Using PCA, I reduced the dimensions to five. Then, out of PCA and TSNE, UMAP also gave the most convincing plot for 5 clusters:
Calculating some summary statistics for the clusters gave the following table:
Cluster Number | Attribute | Value |
---|---|---|
1 | Median age: | 36 |
Median balance (Euro) | 36 | |
Education level | Secondary | |
Job category | Management (21.4%) | |
Marriage status | Married | |
2 | Median age: | 38 |
Median balance (Euro) | 2850 | |
Education level | Tertiary | |
Job category | Management (29.7%) | |
Marriage status | Married | |
3 | Median age: | 36 |
Median balance (Euro) | 420 | |
Education level | Secondary | |
Job category | Blue-Collar (22.3%) | |
Marriage status | Married | |
4 | Median age: | 38 |
Median balance (Euro) | 934 | |
Education level | Secondary | |
Job category | Blue-Collar (22.2%) | |
Marriage status | Married | |
5 | Median age: | 39 |
Median balance (Euro) | -394 | |
Education level | Tertiary | |
Job category | Management (25.0%) | |
Marriage status | Married |
What is most interesting to me here is the fifth grouping, cluser 5, with a negative amount in their bank account. They work in management and have a tertiary level of education, suggesting they are high earners, but are not prioritizing the health of their bank account. This would make sense that they would need a loan, but are probably able to pay it back given their employment situation. Being married and also having the oldest median age further suggests their financial stability.

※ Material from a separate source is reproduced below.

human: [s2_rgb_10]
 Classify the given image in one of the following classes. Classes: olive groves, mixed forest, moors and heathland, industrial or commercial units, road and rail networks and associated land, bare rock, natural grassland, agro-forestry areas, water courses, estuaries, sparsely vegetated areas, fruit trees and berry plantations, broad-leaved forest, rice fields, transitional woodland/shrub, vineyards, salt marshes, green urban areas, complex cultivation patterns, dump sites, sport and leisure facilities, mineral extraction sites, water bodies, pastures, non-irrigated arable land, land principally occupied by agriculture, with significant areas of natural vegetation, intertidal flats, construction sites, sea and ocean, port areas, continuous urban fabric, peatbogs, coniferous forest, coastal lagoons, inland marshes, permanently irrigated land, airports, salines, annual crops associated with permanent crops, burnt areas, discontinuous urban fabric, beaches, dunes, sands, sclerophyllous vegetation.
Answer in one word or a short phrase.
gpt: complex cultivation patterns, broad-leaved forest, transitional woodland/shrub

Given the summary statistics of the three- and five-cluster groupings, it seems like five groups tell a more complete story of the customers. There are important things to highlight within the groups, namely that the fifth and second clusters might be the most worthwhile customers to focus on, given their jobs and educational background probably give them higher-than-average incomes, which they could use to purchase the term deposit loans from the bank.
That being said, taken as a whole, these customers are in their mid- to late-30s and have achieved either a secondary or tertiary education level. Their bank accounts have different amounts of money in them (hence why the bank should target those in cluster two), but they work mostly in management (though some are in blue-collar jobs.